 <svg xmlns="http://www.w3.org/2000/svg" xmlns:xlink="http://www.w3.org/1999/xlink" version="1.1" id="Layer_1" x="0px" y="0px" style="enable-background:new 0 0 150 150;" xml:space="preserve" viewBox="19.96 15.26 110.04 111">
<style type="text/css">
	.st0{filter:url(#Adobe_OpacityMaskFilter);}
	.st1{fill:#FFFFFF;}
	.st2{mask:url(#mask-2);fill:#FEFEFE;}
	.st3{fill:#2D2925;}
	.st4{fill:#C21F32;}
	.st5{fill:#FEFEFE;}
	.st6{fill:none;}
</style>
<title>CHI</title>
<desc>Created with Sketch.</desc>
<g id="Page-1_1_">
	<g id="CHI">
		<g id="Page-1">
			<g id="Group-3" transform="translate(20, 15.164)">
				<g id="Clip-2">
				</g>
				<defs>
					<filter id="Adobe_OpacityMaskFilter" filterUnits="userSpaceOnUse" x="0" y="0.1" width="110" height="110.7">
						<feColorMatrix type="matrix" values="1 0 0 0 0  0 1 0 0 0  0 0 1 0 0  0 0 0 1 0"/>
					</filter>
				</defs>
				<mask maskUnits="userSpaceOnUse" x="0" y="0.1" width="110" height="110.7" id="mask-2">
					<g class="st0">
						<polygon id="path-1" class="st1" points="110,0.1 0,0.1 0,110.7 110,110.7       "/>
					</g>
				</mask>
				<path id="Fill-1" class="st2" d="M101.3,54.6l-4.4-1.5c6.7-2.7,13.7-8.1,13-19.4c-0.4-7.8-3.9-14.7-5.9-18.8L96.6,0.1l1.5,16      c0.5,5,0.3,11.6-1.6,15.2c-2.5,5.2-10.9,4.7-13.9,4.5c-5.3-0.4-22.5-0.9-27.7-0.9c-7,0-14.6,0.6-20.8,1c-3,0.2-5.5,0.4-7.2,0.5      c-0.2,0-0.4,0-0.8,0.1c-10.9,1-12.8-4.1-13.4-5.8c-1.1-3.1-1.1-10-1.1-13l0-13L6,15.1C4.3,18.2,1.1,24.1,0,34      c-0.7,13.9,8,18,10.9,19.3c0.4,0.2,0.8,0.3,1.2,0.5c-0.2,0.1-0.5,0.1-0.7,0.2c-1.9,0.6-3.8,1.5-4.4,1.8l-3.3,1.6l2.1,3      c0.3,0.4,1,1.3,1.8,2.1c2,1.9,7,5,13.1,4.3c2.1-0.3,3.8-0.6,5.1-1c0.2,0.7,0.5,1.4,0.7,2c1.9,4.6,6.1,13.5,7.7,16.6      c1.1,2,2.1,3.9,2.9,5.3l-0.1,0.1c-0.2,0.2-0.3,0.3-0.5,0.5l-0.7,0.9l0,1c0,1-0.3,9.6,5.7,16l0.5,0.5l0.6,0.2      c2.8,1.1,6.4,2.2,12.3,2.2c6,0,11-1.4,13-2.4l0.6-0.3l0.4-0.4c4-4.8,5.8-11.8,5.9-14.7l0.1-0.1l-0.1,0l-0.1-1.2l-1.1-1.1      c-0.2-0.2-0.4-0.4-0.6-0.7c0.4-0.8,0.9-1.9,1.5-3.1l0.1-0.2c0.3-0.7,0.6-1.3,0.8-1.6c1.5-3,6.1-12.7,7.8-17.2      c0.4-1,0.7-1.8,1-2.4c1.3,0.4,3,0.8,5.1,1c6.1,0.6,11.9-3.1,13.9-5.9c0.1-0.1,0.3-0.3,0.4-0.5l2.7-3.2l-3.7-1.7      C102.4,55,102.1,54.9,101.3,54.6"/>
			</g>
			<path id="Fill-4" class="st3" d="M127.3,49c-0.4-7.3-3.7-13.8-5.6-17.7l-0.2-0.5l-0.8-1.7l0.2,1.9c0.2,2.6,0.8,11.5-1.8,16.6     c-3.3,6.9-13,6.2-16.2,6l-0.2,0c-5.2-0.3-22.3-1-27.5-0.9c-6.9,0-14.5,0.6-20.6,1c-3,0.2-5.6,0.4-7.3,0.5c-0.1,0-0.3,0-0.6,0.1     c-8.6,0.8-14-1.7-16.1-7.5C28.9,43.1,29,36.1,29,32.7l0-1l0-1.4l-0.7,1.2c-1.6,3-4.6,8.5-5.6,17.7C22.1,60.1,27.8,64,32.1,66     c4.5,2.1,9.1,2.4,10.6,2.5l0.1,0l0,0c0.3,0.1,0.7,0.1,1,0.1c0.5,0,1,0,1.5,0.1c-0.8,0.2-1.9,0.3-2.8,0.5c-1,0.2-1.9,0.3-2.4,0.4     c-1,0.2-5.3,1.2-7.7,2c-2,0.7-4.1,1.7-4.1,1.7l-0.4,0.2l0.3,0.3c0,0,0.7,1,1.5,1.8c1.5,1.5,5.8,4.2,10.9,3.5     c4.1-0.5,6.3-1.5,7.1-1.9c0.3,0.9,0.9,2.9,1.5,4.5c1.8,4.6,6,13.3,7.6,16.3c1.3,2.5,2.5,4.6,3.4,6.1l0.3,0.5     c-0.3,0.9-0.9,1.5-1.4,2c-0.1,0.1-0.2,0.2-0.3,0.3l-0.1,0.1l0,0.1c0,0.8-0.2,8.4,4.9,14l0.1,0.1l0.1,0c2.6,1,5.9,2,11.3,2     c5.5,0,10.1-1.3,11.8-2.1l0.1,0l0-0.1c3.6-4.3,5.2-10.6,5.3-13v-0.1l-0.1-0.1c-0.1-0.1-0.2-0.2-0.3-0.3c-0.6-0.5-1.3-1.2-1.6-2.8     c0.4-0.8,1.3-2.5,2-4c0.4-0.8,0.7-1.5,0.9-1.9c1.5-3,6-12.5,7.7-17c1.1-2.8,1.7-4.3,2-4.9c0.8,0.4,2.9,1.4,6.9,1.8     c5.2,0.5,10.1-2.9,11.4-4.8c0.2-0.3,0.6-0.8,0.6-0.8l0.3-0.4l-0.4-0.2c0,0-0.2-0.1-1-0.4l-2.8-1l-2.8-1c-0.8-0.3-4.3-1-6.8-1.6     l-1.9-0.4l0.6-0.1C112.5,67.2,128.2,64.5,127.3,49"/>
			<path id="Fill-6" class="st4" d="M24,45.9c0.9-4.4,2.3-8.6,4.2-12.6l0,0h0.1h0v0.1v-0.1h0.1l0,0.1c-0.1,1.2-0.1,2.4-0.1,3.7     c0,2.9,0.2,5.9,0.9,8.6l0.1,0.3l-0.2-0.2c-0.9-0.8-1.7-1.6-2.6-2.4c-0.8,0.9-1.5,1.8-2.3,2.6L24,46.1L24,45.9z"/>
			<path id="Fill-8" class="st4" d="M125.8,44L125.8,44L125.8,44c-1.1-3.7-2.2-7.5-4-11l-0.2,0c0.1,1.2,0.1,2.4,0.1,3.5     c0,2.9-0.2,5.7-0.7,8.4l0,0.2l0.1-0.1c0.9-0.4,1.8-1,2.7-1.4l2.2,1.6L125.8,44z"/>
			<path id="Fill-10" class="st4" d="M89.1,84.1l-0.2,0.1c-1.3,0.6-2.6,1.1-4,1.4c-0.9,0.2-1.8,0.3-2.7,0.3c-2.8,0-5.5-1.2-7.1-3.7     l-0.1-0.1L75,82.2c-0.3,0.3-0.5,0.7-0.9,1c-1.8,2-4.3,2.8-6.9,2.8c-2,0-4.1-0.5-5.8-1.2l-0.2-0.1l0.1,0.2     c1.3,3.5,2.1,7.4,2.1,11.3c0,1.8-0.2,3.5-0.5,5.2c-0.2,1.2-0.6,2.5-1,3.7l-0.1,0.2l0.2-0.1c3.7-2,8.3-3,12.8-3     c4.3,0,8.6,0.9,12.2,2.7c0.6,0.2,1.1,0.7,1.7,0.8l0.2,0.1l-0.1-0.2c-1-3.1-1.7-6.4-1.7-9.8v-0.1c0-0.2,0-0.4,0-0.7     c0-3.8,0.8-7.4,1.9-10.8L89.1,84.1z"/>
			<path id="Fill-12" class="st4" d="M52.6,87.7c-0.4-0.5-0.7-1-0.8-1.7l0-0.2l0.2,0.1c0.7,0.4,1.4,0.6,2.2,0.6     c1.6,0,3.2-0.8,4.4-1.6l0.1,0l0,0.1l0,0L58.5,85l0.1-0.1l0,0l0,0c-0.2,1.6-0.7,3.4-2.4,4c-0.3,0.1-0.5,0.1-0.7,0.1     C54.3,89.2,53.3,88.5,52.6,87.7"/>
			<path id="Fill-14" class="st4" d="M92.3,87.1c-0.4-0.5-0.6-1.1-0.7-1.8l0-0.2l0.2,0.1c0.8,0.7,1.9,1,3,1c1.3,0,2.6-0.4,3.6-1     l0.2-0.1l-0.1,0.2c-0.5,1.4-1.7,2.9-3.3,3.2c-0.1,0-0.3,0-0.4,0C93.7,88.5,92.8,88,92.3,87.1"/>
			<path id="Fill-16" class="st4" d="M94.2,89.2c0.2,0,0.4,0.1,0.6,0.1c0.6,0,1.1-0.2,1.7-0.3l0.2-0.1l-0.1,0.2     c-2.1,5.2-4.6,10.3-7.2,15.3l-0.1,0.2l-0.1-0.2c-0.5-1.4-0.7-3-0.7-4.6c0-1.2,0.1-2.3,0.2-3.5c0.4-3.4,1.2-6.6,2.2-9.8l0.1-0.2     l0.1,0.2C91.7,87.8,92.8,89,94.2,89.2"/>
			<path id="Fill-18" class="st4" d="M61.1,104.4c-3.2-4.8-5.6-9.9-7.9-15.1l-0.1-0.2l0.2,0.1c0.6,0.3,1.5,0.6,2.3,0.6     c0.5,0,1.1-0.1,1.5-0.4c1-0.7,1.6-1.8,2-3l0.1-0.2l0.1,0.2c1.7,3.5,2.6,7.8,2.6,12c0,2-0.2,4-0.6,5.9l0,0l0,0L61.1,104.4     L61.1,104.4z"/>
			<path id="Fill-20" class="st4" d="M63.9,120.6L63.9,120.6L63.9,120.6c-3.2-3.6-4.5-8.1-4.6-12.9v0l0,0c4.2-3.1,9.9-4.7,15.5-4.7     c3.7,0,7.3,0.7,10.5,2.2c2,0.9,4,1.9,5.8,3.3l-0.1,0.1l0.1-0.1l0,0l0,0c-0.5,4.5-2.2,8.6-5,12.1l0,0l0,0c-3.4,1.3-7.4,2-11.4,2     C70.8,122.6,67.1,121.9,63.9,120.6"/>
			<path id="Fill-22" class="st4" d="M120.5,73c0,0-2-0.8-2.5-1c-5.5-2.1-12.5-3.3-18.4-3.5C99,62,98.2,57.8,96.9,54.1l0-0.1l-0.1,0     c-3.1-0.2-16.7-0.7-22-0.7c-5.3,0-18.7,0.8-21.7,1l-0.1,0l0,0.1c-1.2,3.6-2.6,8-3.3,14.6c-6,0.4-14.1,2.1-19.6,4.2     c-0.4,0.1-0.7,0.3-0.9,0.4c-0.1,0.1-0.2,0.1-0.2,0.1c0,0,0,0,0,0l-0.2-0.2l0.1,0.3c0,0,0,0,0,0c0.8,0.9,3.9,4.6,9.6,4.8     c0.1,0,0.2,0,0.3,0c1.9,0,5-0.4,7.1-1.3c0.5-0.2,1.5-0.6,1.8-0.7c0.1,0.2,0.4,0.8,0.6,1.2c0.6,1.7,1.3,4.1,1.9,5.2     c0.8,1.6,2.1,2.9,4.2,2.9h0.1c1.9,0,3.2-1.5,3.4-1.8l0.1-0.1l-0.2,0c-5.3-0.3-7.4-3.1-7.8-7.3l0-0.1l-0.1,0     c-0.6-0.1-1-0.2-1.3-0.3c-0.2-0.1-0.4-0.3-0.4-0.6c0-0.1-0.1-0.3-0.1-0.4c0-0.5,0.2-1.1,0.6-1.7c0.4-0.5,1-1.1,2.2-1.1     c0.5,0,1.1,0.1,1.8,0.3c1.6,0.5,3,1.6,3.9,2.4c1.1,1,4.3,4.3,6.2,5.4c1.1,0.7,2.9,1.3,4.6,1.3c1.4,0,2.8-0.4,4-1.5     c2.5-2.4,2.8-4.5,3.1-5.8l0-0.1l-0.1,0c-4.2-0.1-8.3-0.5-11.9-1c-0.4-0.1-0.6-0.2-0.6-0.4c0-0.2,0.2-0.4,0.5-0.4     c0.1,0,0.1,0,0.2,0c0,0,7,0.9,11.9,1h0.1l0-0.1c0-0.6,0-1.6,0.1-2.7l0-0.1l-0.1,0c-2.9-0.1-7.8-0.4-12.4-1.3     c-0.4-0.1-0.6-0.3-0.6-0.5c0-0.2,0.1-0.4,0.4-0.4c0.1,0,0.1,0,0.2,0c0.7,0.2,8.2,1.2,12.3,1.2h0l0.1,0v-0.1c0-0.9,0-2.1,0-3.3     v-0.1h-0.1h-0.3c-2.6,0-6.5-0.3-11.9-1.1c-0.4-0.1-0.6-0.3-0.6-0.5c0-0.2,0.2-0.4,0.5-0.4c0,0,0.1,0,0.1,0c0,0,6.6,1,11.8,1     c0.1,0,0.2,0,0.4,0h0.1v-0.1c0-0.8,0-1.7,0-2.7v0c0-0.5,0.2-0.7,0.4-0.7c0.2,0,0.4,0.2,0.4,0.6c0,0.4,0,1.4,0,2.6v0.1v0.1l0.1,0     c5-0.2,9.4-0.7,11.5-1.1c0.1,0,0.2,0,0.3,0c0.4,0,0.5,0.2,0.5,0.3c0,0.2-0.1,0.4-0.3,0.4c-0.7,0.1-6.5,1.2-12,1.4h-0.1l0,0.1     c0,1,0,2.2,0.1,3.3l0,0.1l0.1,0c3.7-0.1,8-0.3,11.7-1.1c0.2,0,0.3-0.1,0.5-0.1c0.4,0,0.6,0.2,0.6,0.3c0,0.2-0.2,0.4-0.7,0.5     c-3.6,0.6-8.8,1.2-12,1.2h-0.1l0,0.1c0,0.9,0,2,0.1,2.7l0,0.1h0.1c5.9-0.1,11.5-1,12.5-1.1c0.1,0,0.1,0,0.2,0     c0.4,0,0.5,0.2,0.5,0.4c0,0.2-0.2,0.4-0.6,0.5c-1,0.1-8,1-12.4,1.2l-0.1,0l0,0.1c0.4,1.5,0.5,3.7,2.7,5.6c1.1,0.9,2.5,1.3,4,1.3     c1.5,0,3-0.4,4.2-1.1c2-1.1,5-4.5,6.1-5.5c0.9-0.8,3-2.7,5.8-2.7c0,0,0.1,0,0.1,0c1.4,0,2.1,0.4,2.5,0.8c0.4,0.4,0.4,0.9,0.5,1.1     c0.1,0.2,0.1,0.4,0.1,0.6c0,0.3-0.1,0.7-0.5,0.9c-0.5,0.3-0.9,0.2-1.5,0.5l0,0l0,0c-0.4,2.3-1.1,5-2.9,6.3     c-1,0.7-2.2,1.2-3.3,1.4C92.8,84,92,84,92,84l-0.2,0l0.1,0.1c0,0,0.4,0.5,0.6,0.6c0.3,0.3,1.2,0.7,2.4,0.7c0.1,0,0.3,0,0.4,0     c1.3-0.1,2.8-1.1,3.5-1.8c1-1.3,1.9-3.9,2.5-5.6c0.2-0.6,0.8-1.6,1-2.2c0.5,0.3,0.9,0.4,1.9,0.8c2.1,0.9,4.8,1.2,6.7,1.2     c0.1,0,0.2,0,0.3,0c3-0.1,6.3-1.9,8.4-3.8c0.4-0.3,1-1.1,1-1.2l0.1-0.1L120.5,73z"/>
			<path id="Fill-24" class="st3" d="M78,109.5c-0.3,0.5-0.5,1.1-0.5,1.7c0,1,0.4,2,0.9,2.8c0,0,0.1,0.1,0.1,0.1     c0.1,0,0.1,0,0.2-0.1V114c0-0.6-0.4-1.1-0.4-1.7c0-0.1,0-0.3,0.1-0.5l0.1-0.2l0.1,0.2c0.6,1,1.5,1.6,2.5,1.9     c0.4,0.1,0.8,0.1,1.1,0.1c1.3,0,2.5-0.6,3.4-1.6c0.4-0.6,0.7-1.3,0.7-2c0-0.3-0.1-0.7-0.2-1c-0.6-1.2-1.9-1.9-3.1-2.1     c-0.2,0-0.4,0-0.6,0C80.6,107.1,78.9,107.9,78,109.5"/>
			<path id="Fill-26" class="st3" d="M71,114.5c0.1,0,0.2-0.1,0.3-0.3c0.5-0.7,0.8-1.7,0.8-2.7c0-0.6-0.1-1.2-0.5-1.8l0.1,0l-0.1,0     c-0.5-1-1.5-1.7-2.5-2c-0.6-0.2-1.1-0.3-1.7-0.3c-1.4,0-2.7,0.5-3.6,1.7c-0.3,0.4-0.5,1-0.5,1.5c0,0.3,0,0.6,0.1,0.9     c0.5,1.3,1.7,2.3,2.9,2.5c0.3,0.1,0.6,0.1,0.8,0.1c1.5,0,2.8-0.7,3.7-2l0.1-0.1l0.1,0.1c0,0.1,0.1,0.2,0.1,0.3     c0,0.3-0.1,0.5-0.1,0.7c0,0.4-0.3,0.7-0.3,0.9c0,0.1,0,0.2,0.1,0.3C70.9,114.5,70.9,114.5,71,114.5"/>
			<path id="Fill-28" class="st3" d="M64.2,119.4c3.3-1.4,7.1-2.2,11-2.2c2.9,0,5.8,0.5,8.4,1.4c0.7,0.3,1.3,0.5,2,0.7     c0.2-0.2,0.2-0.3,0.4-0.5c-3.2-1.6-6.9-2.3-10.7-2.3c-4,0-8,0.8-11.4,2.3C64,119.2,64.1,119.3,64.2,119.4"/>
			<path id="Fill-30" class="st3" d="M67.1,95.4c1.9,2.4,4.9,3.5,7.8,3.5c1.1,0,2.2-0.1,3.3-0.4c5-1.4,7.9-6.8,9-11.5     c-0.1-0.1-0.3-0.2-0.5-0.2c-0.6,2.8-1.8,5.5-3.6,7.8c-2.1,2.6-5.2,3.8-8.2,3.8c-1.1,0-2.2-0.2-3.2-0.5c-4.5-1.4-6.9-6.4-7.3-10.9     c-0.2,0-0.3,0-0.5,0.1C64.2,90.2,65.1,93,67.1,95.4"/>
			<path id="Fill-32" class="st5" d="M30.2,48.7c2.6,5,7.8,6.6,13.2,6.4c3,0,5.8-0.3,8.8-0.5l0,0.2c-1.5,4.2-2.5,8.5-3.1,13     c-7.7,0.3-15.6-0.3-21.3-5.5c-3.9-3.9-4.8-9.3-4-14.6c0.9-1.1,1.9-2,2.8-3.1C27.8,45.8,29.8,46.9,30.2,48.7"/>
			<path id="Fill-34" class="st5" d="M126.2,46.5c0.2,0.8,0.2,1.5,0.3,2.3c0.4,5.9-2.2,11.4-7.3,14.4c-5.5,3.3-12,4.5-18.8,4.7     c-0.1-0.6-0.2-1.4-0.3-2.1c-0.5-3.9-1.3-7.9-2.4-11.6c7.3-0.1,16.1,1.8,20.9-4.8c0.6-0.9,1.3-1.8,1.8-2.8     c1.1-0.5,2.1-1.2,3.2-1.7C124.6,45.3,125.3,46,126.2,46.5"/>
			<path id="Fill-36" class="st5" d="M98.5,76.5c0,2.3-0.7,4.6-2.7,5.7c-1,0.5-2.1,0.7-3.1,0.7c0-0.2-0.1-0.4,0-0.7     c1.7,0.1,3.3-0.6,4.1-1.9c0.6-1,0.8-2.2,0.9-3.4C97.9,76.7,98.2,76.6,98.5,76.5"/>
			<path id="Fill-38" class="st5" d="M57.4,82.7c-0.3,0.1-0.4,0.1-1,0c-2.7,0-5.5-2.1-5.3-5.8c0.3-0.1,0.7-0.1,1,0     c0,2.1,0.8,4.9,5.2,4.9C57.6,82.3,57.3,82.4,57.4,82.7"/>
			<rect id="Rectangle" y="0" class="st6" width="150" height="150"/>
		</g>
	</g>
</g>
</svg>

----

= Exercise goal =
If a line of the records includes the string "style", copy it out.

= Answer box =
 <svg xmlns="http://www.w3.org/2000/svg" xmlns:xlink="http://www.w3.org/1999/xlink" version="1.1" id="Layer_1" x="0px" y="0px" style="enable-background:new 0 0 150 150;" xml:space="preserve" viewBox="19.96 15.26 110.04 111">
<style type="text/css">
</style>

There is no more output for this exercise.